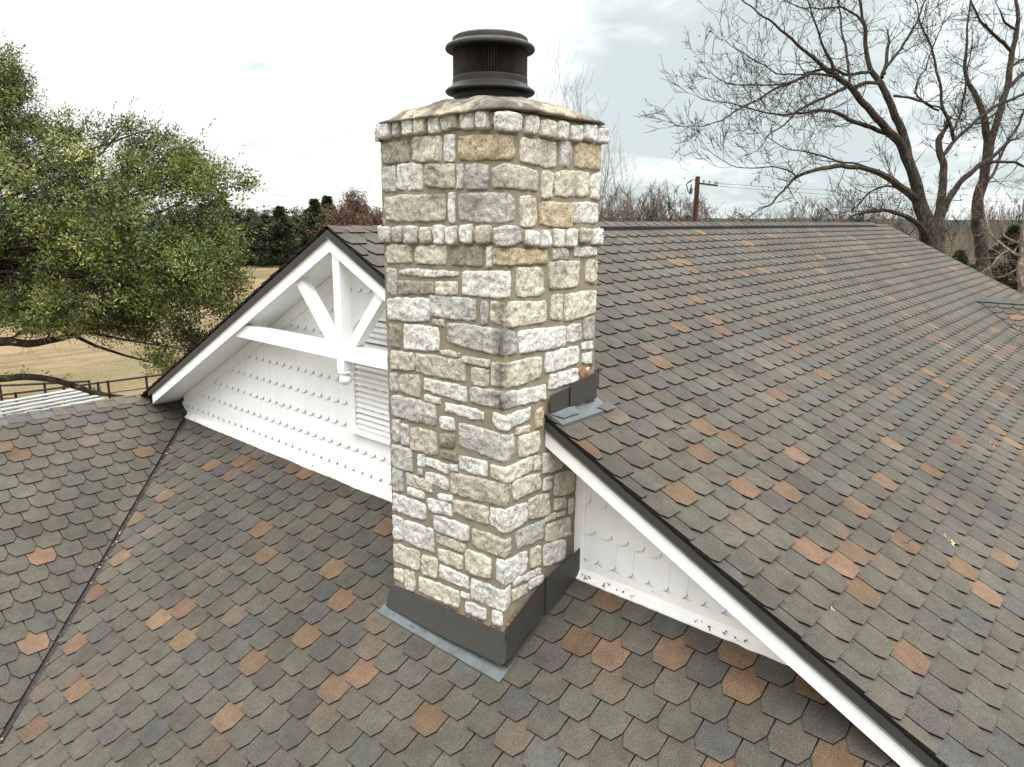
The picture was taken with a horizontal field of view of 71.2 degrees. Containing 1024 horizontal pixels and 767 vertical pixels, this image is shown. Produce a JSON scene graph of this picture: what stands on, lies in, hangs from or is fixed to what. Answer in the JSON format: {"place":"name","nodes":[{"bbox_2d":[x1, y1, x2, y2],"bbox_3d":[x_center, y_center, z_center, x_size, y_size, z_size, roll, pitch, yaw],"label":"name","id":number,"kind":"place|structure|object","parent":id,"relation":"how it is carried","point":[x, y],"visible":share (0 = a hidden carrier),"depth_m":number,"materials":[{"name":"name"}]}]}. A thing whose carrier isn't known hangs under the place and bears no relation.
{"place":"outdoors","nodes":[
{"label":"outdoors","id":0,"kind":"place"},
{"bbox_2d":[0,229,1001,416],"bbox_3d":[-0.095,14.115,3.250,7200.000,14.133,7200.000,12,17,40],"label":"ground","id":1,"kind":"structure","parent":0,"point":[80,361],"depth_m":37.70,"materials":[{"name":"brown soil"}]},
{"bbox_2d":[0,380,92,415],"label":"pipe gate","id":2,"kind":"structure","parent":1,"relation":"on","point":[44,384],"depth_m":26.89,"materials":[{"name":"black metal"}]},
{"bbox_2d":[0,389,104,416],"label":"pergola","id":3,"kind":"object","parent":1,"relation":"on","point":[69,397],"visible":0.3,"depth_m":18.87,"materials":[{"name":"paint"}]},
{"bbox_2d":[0,374,161,408],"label":"pipe fence","id":4,"kind":"object","parent":1,"relation":"on","point":[86,384],"visible":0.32,"depth_m":27.26,"materials":[{"name":"black metal"}]},
{"bbox_2d":[0,34,299,396],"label":"oak tree","id":5,"kind":"object","parent":1,"relation":"on","point":[83,222],"visible":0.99,"depth_m":15.58,"materials":[{"name":"green plant"}]},
{"bbox_2d":[204,192,260,264],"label":"cedar tree","id":6,"kind":"object","parent":1,"relation":"on","point":[246,252],"visible":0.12,"depth_m":110.64,"materials":[{"name":"green plant"}]},
{"bbox_2d":[230,213,264,265],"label":"cedar tree","id":7,"kind":"object","parent":1,"relation":"on","point":[246,224],"visible":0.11,"depth_m":114.26,"materials":[{"name":"green plant"}]},
{"bbox_2d":[244,208,268,250],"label":"cedar tree","id":8,"kind":"object","parent":1,"relation":"on","point":[249,219],"visible":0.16,"depth_m":117.79,"materials":[{"name":"green plant"}]},
{"bbox_2d":[237,264,280,266],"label":"grass","id":9,"kind":"structure","parent":1,"relation":"on","point":[278,265],"depth_m":110.67,"materials":[{"name":"green plant"}]},
{"bbox_2d":[240,213,289,266],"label":"cedar tree","id":10,"kind":"object","parent":1,"relation":"on","point":[259,237],"visible":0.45,"depth_m":111.64,"materials":[{"name":"green plant"}]},
{"bbox_2d":[255,205,301,266],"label":"cedar tree","id":11,"kind":"object","parent":1,"relation":"on","point":[277,213],"visible":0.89,"depth_m":109.85,"materials":[{"name":"green plant"}]},
{"bbox_2d":[174,205,382,265],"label":"undergrowth","id":12,"kind":"object","parent":1,"relation":"on","point":[295,212],"visible":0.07,"depth_m":111.37,"materials":[{"name":"brown plant"}]},
{"bbox_2d":[269,216,309,260],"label":"cedar tree","id":13,"kind":"object","parent":1,"relation":"on","point":[296,223],"visible":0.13,"depth_m":115.99,"materials":[{"name":"green plant"}]},
{"bbox_2d":[286,197,328,260],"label":"cedar tree","id":14,"kind":"object","parent":1,"relation":"on","point":[315,206],"visible":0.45,"depth_m":111.62,"materials":[{"name":"green plant"}]},
{"bbox_2d":[312,195,337,236],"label":"cedar tree","id":15,"kind":"object","parent":1,"relation":"on","point":[328,199],"visible":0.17,"depth_m":117.34,"materials":[{"name":"green plant"}]},
{"bbox_2d":[44,207,619,258],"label":"woods","id":16,"kind":"object","parent":1,"relation":"on","point":[177,207],"depth_m":127.44,"materials":[{"name":"plant"}]},
{"bbox_2d":[307,198,360,236],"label":"oak tree","id":17,"kind":"object","parent":1,"relation":"on","point":[336,221],"visible":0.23,"depth_m":95.68,"materials":[{"name":"brown plant"}]},
{"bbox_2d":[339,185,375,223],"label":"oak tree","id":18,"kind":"object","parent":1,"relation":"on","point":[358,204],"visible":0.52,"depth_m":101.05,"materials":[{"name":"brown plant"}]},
{"bbox_2d":[344,201,382,225],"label":"oak tree","id":19,"kind":"object","parent":1,"relation":"on","point":[374,218],"visible":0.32,"depth_m":95.77,"materials":[{"name":"brown plant"}]},
{"bbox_2d":[0,29,1023,766],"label":"farmhouse","id":20,"kind":"object","parent":1,"relation":"on","point":[488,365],"visible":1,"depth_m":5.87,"materials":[{"name":"tile"}]},
{"bbox_2d":[0,417,746,745],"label":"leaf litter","id":21,"kind":"object","parent":20,"relation":"on","point":[2,739],"visible":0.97,"depth_m":7.45,"materials":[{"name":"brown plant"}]},
{"bbox_2d":[532,41,619,198],"bbox_3d":[3.611,-11.876,45.695,5.901,18.327,7.457,1,13,2],"label":"bare tree","id":22,"kind":"object","parent":1,"relation":"on","point":[564,93],"visible":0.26,"depth_m":43.62,"materials":[{"name":"brown plant"}]},
{"bbox_2d":[599,190,644,220],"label":"bare tree","id":23,"kind":"object","parent":1,"relation":"on","point":[618,210],"visible":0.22,"depth_m":94.51,"materials":[{"name":"brown plant"}]},
{"bbox_2d":[599,119,645,221],"bbox_3d":[6.006,-10.810,48.947,5.220,14.661,4.131,-8,16,-33],"label":"bare tree","id":24,"kind":"object","parent":1,"relation":"on","point":[600,210],"visible":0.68,"depth_m":48.42,"materials":[{"name":"brown plant"}]},
{"bbox_2d":[601,180,653,221],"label":"bare tree","id":25,"kind":"object","parent":1,"relation":"on","point":[609,215],"visible":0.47,"depth_m":75.22,"materials":[{"name":"brown plant"}]},
{"bbox_2d":[613,183,648,220],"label":"bare tree","id":26,"kind":"object","parent":1,"relation":"on","point":[630,196],"visible":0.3,"depth_m":94.08,"materials":[{"name":"brown plant"}]},
{"bbox_2d":[620,194,661,221],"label":"bare tree","id":27,"kind":"object","parent":1,"relation":"on","point":[630,219],"visible":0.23,"depth_m":85.51,"materials":[{"name":"brown plant"}]},
{"bbox_2d":[622,186,676,221],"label":"bare tree","id":28,"kind":"object","parent":1,"relation":"on","point":[652,214],"visible":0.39,"depth_m":77.51,"materials":[{"name":"brown plant"}]},
{"bbox_2d":[637,179,701,221],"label":"bare tree","id":29,"kind":"object","parent":1,"relation":"on","point":[658,201],"visible":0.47,"depth_m":98.03,"materials":[{"name":"brown plant"}]},
{"bbox_2d":[653,192,687,221],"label":"bare tree","id":30,"kind":"object","parent":1,"relation":"on","point":[668,210],"visible":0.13,"depth_m":107.42,"materials":[{"name":"brown plant"}]},
{"bbox_2d":[671,191,705,221],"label":"bare tree","id":31,"kind":"object","parent":1,"relation":"on","point":[683,215],"visible":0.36,"depth_m":75.06,"materials":[{"name":"brown plant"}]},
{"bbox_2d":[687,196,710,221],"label":"bare tree","id":32,"kind":"object","parent":1,"relation":"on","point":[706,215],"visible":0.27,"depth_m":89.01,"materials":[{"name":"brown plant"}]},
{"bbox_2d":[686,176,717,221],"bbox_3d":[12.758,-8.868,49.198,2.272,10.324,0.367,-1,13,-7],"label":"utility pole","id":33,"kind":"object","parent":1,"relation":"on","point":[696,199],"visible":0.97,"depth_m":48.17,"materials":[{"name":"brown wood"}]},
{"bbox_2d":[718,183,964,194],"bbox_3d":[35.995,-15.983,59.177,49.536,0.740,0.022,-6,14,-26],"label":"power line","id":34,"kind":"object","parent":33,"relation":"attached to","point":[816,189],"visible":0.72,"depth_m":52.33,"materials":[{"name":"black metal"}]},
{"bbox_2d":[720,186,1004,201],"bbox_3d":[36.063,-15.413,59.194,49.354,0.533,0.022,-6,14,-26],"label":"power line","id":35,"kind":"object","parent":33,"relation":"attached to","point":[845,195],"visible":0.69,"depth_m":52.89,"materials":[{"name":"black metal"}]},
{"bbox_2d":[704,208,725,221],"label":"bare tree","id":36,"kind":"object","parent":1,"relation":"on","point":[712,215],"visible":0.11,"depth_m":71.64,"materials":[{"name":"brown plant"}]},
{"bbox_2d":[719,206,747,221],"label":"bare tree","id":37,"kind":"object","parent":1,"relation":"on","point":[732,218],"visible":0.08,"depth_m":70.48,"materials":[{"name":"brown plant"}]},
{"bbox_2d":[726,209,755,221],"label":"bare tree","id":38,"kind":"object","parent":1,"relation":"on","point":[747,216],"visible":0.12,"depth_m":109.72,"materials":[{"name":"brown plant"}]},
{"bbox_2d":[739,212,774,221],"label":"bare tree","id":39,"kind":"object","parent":1,"relation":"on","point":[758,217],"visible":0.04,"depth_m":101.63,"materials":[{"name":"brown plant"}]},
{"bbox_2d":[764,209,784,221],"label":"bare tree","id":40,"kind":"object","parent":1,"relation":"on","point":[782,216],"visible":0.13,"depth_m":87.76,"materials":[{"name":"brown plant"}]},
{"bbox_2d":[774,193,832,221],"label":"bare tree","id":41,"kind":"object","parent":1,"relation":"on","point":[798,213],"visible":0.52,"depth_m":78.83,"materials":[{"name":"brown plant"}]},
{"bbox_2d":[770,198,838,221],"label":"bare tree","id":42,"kind":"object","parent":1,"relation":"on","point":[813,216],"visible":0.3,"depth_m":85.58,"materials":[{"name":"brown plant"}]},
{"bbox_2d":[602,202,1015,263],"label":"brushwood","id":43,"kind":"object","parent":1,"relation":"on","point":[968,250],"visible":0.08,"depth_m":79.23,"materials":[{"name":"brown plant"}]},
{"bbox_2d":[633,0,1023,253],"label":"pecan tree","id":44,"kind":"object","parent":1,"relation":"on","point":[929,226],"visible":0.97,"depth_m":32.20,"materials":[{"name":"brown plant"}]},
{"bbox_2d":[806,198,850,221],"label":"bare tree","id":45,"kind":"object","parent":1,"relation":"on","point":[823,219],"visible":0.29,"depth_m":89.55,"materials":[{"name":"brown plant"}]},
{"bbox_2d":[672,215,1004,264],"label":"brushwood","id":46,"kind":"object","parent":1,"relation":"on","point":[918,235],"visible":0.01,"depth_m":132.80,"materials":[{"name":"brown plant"}]},
{"bbox_2d":[841,199,887,223],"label":"bare tree","id":47,"kind":"object","parent":1,"relation":"on","point":[874,216],"visible":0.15,"depth_m":96.26,"materials":[{"name":"brown plant"}]},
{"bbox_2d":[861,205,887,223],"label":"bare tree","id":48,"kind":"object","parent":1,"relation":"on","point":[877,219],"visible":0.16,"depth_m":98.04,"materials":[{"name":"brown plant"}]},
{"bbox_2d":[872,192,917,237],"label":"bare tree","id":49,"kind":"object","parent":1,"relation":"on","point":[891,218],"visible":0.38,"depth_m":74.70,"materials":[{"name":"brown plant"}]},
{"bbox_2d":[891,205,959,250],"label":"bare tree","id":50,"kind":"object","parent":1,"relation":"on","point":[902,230],"visible":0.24,"depth_m":73.54,"materials":[{"name":"brown plant"}]},
{"bbox_2d":[914,204,964,245],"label":"bare tree","id":51,"kind":"object","parent":1,"relation":"on","point":[948,237],"visible":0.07,"depth_m":90.42,"materials":[{"name":"brown plant"}]},
{"bbox_2d":[944,214,965,249],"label":"bare tree","id":52,"kind":"object","parent":1,"relation":"on","point":[950,224],"visible":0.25,"depth_m":110.13,"materials":[{"name":"brown plant"}]},
{"bbox_2d":[950,249,970,267],"bbox_3d":[37.452,-8.617,60.400,5.850,5.424,6.219,9,16,34],"label":"cedar tree","id":53,"kind":"object","parent":1,"relation":"on","point":[962,257],"visible":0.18,"depth_m":59.57,"materials":[{"name":"green plant"}]},
{"bbox_2d":[944,203,991,254],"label":"bare tree","id":54,"kind":"object","parent":1,"relation":"on","point":[951,227],"visible":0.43,"depth_m":96.55,"materials":[{"name":"brown plant"}]},
{"bbox_2d":[933,0,1023,277],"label":"bare tree","id":55,"kind":"object","parent":1,"relation":"on","point":[977,227],"visible":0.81,"depth_m":38.91,"materials":[{"name":"brown plant"}]},
{"bbox_2d":[958,198,1007,255],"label":"bare tree","id":56,"kind":"object","parent":1,"relation":"on","point":[989,214],"visible":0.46,"depth_m":79.56,"materials":[{"name":"brown plant"}]},
{"bbox_2d":[970,249,1000,279],"bbox_3d":[34.544,-6.997,52.462,6.227,5.774,6.620,10,16,36],"label":"cedar tree","id":57,"kind":"object","parent":1,"relation":"on","point":[973,265],"visible":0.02,"depth_m":51.96,"materials":[{"name":"green plant"}]},
{"bbox_2d":[961,207,1013,262],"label":"bare tree","id":58,"kind":"object","parent":1,"relation":"on","point":[995,227],"visible":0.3,"depth_m":80.99,"materials":[{"name":"brown plant"}]},
{"bbox_2d":[966,176,1023,293],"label":"bare tree","id":59,"kind":"object","parent":1,"relation":"on","point":[1019,269],"visible":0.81,"depth_m":30.06,"materials":[{"name":"brown plant"}]},
{"bbox_2d":[989,222,1020,290],"bbox_3d":[31.874,-6.526,46.298,5.729,7.627,5.398,12,17,40],"label":"cedar tree","id":60,"kind":"object","parent":1,"relation":"on","point":[1010,231],"visible":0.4,"depth_m":45.50,"materials":[{"name":"green plant"}]},
{"bbox_2d":[987,192,1022,245],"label":"bare tree","id":61,"kind":"object","parent":1,"relation":"on","point":[1017,214],"visible":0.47,"depth_m":94.59,"materials":[{"name":"brown plant"}]},
{"bbox_2d":[995,224,1020,289],"bbox_3d":[36.845,-8.473,50.103,7.473,9.842,7.260,-4,14,-19],"label":"cedar tree","id":62,"kind":"object","parent":1,"relation":"on","point":[1010,280],"visible":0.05,"depth_m":50.31,"materials":[{"name":"green plant"}]},
{"bbox_2d":[0,0,1023,219],"label":"sky","id":63,"kind":"structure","parent":0,"point":[308,83],"materials":[{"name":"white"}]},
{"bbox_2d":[136,214,1020,233],"bbox_3d":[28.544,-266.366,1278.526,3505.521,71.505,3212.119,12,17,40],"label":"hills","id":64,"kind":"structure","parent":0,"point":[763,220],"depth_m":1310.11,"materials":[{"name":"plant"}]},
{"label":"ground","id":65,"kind":"structure","parent":0,"visible":0},
{"bbox_2d":[650,180,723,220],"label":"bare tree","id":66,"kind":"object","parent":65,"relation":"on","point":[675,204],"visible":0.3,"depth_m":100.51,"materials":[{"name":"brown plant"}]},
{"bbox_2d":[816,188,874,221],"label":"bare tree","id":67,"kind":"object","parent":65,"relation":"on","point":[847,206],"visible":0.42,"depth_m":104.33,"materials":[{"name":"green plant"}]}
]}

Task to carry out :: Run a filter over the data above and keep each line that contains the word "pipe".

Answer below ::
{"bbox_2d":[0,380,92,415],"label":"pipe gate","id":2,"kind":"structure","parent":1,"relation":"on","point":[44,384],"depth_m":26.89,"materials":[{"name":"black metal"}]},
{"bbox_2d":[0,374,161,408],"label":"pipe fence","id":4,"kind":"object","parent":1,"relation":"on","point":[86,384],"visible":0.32,"depth_m":27.26,"materials":[{"name":"black metal"}]},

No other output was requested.